_DIRECTIONS FOR THIS TASK_
All pictures are to be dropped, and the remaining data set down exactly.

_EXCERPTED DATA_
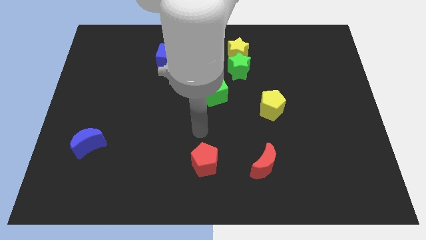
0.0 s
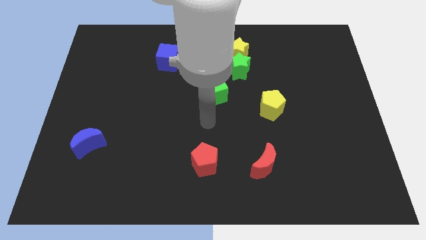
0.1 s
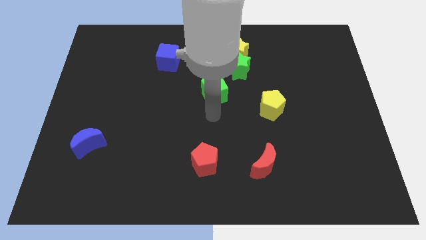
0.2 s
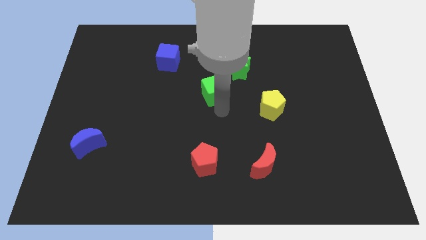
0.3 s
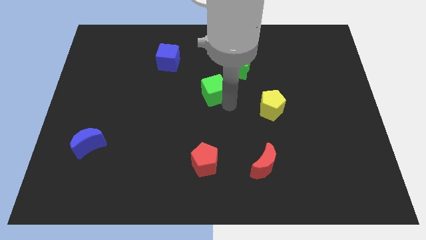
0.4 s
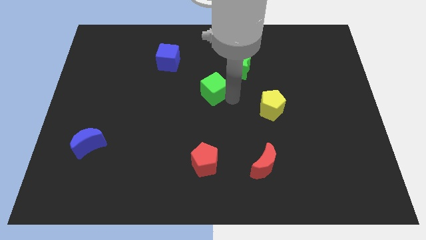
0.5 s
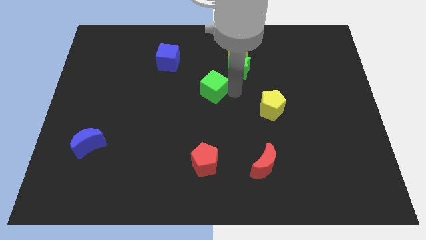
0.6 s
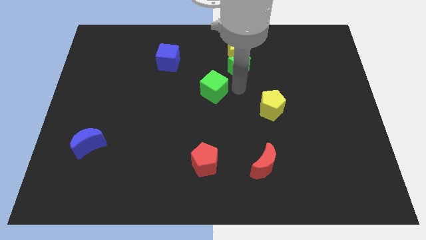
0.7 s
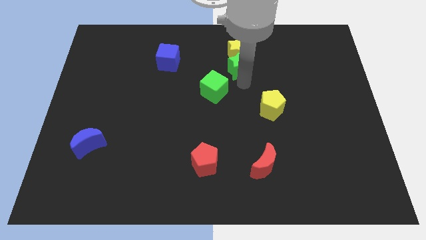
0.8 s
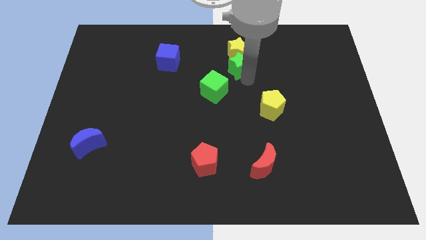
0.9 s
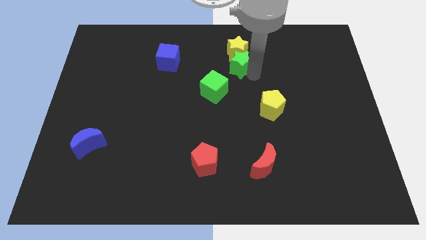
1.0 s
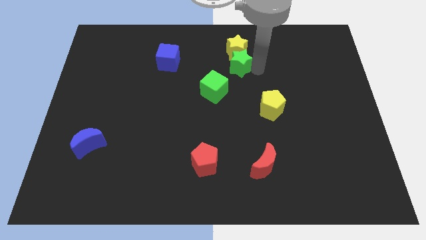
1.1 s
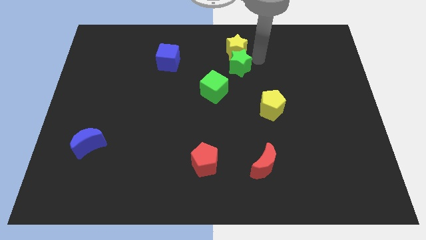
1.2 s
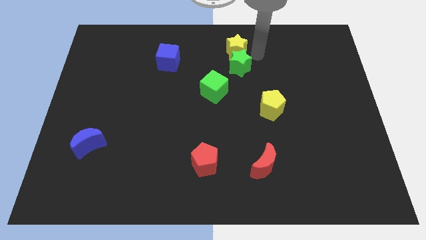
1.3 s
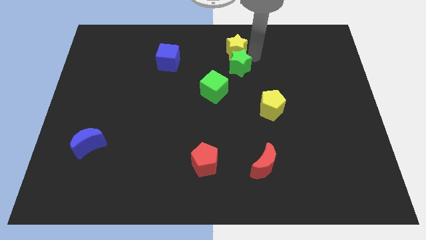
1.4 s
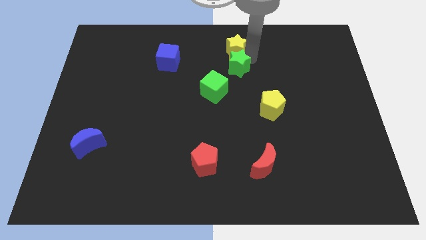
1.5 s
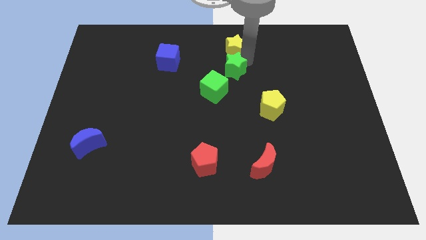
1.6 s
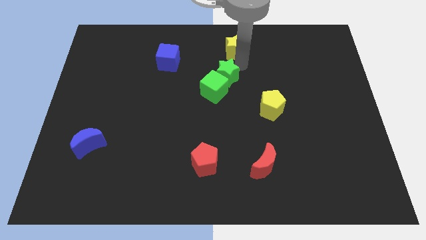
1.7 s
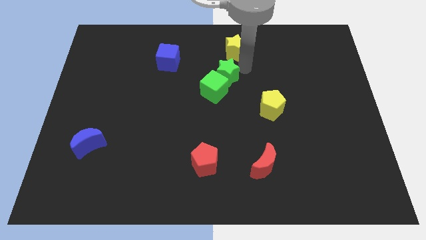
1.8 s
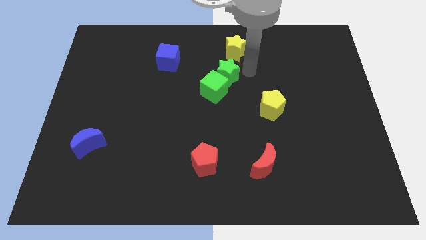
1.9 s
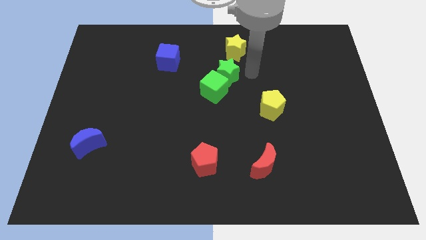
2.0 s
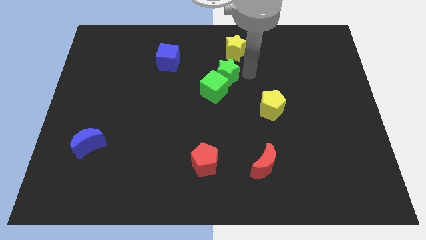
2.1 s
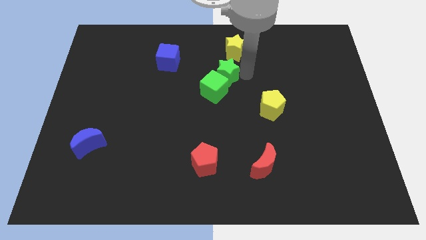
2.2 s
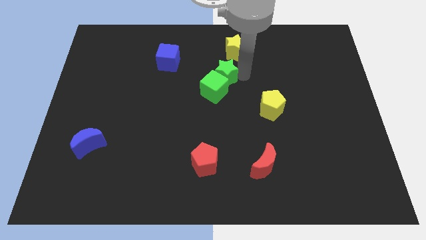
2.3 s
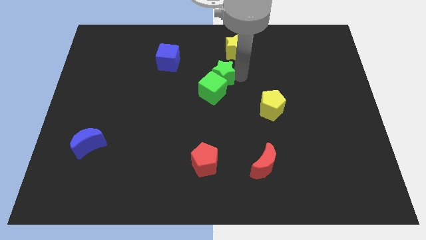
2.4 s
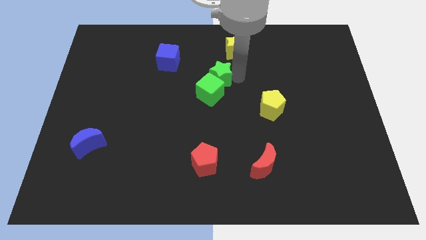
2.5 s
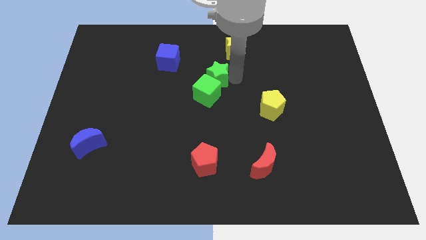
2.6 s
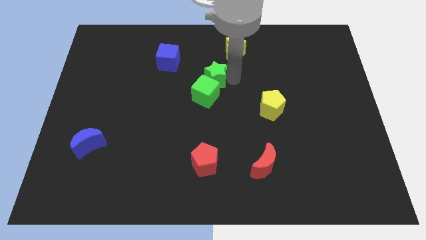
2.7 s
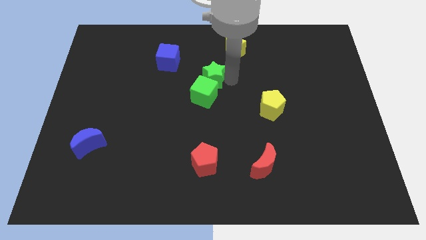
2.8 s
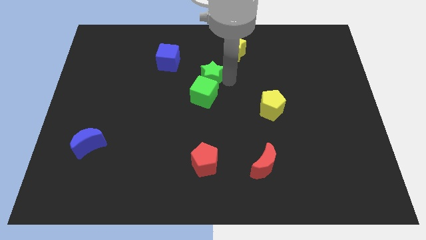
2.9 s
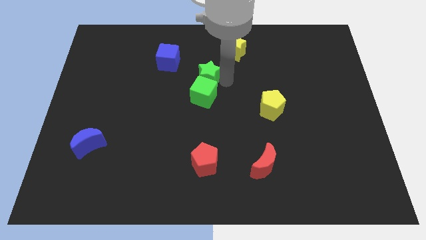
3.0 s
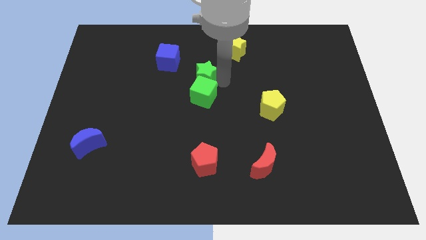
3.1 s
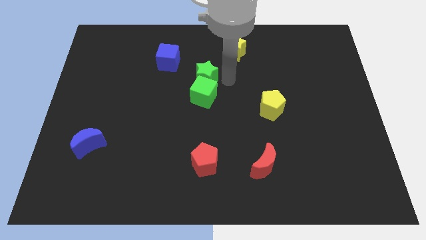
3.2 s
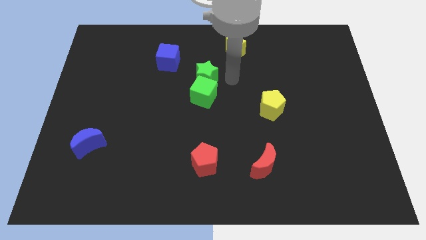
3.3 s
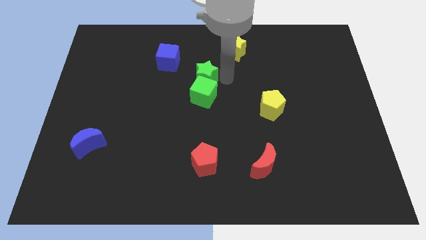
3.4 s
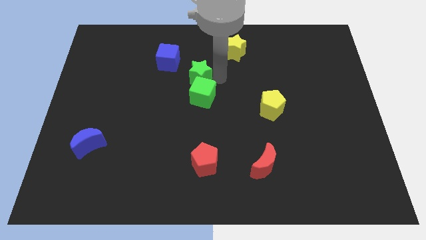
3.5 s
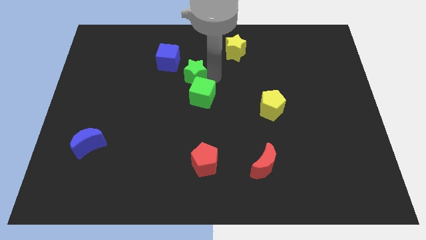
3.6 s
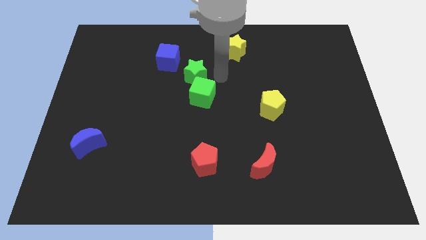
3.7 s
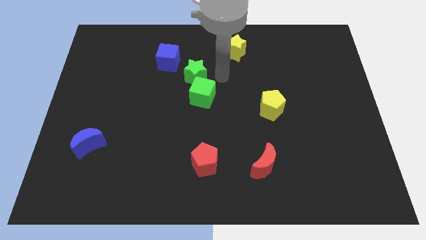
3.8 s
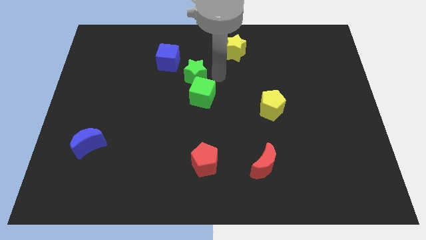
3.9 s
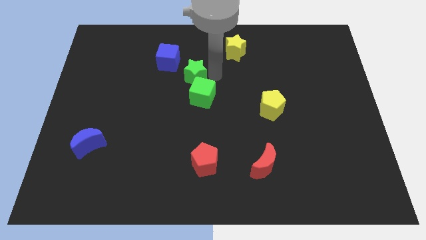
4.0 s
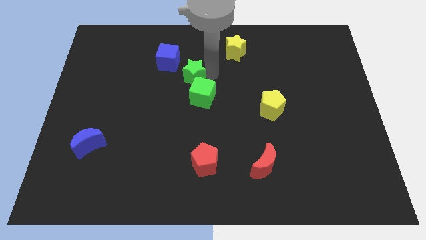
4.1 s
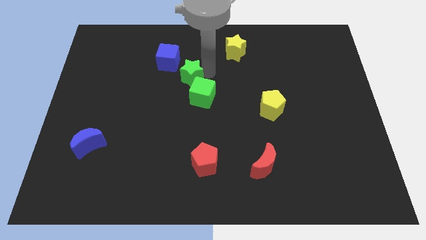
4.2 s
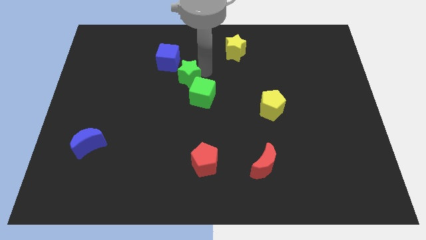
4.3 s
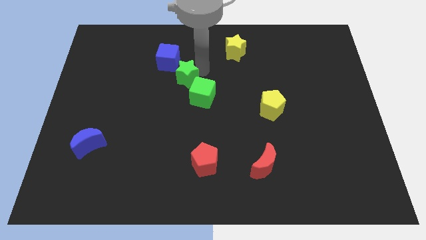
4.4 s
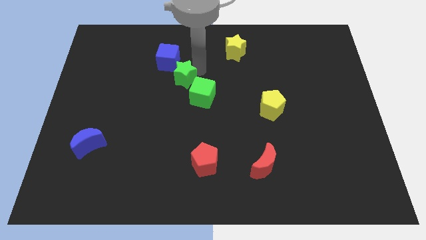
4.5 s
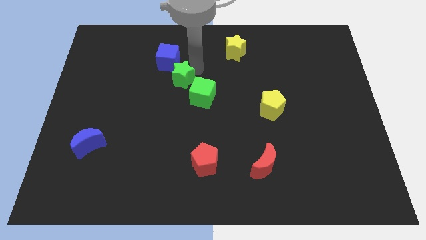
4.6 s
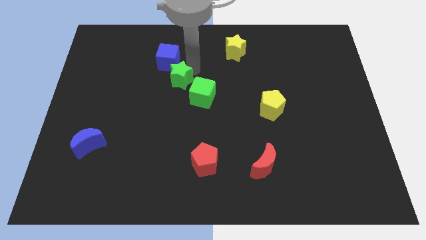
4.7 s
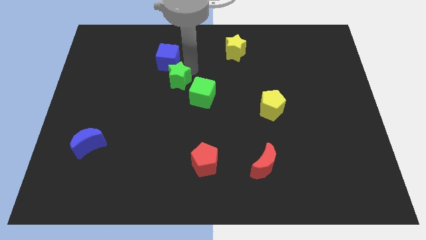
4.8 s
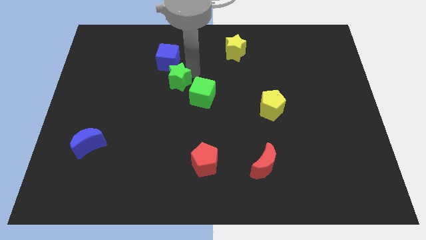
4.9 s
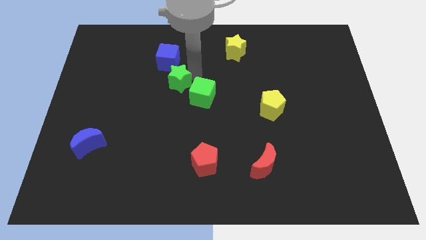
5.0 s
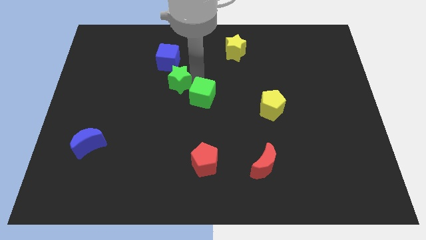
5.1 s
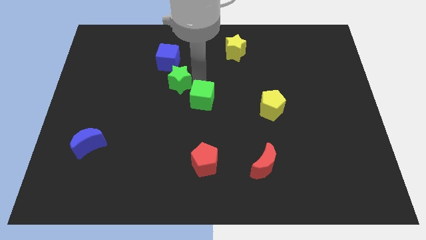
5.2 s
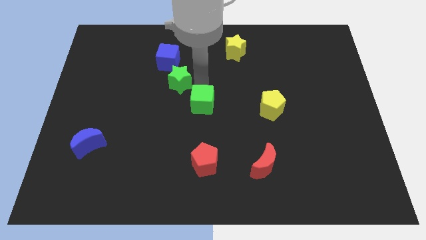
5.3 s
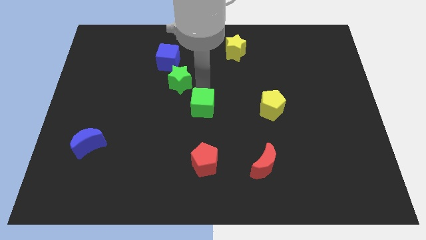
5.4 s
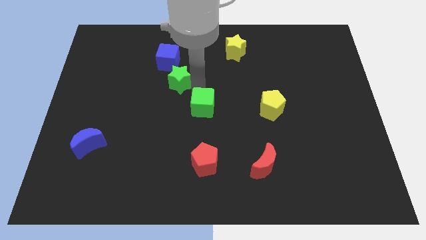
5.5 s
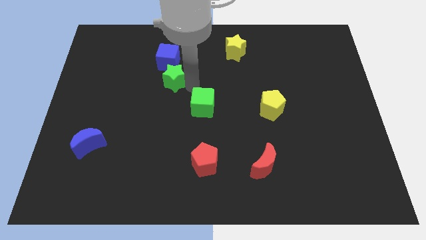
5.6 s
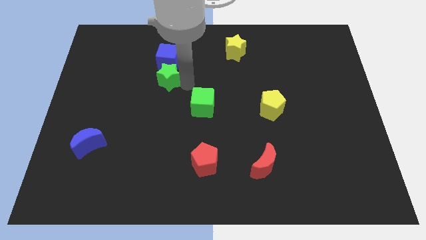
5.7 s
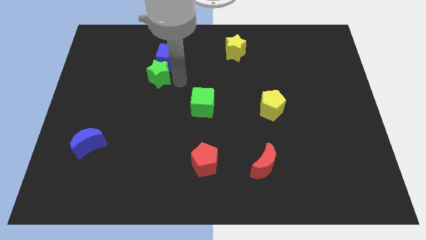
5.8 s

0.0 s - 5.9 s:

_RESULT OF THE TASK_
0.0 s
0.1 s
0.2 s
0.3 s
0.4 s
0.5 s
0.6 s
0.7 s
0.8 s
0.9 s
1.0 s
1.1 s
1.2 s
1.3 s
1.4 s
1.5 s
1.6 s
1.7 s
1.8 s
1.9 s
2.0 s
2.1 s
2.2 s
2.3 s
2.4 s
2.5 s
2.6 s
2.7 s
2.8 s
2.9 s
3.0 s
3.1 s
3.2 s
3.3 s
3.4 s
3.5 s
3.6 s
3.7 s
3.8 s
3.9 s
4.0 s
4.1 s
4.2 s
4.3 s
4.4 s
4.5 s
4.6 s
4.7 s
4.8 s
4.9 s
5.0 s
5.1 s
5.2 s
5.3 s
5.4 s
5.5 s
5.6 s
5.7 s
5.8 s

0.0 s - 5.9 s:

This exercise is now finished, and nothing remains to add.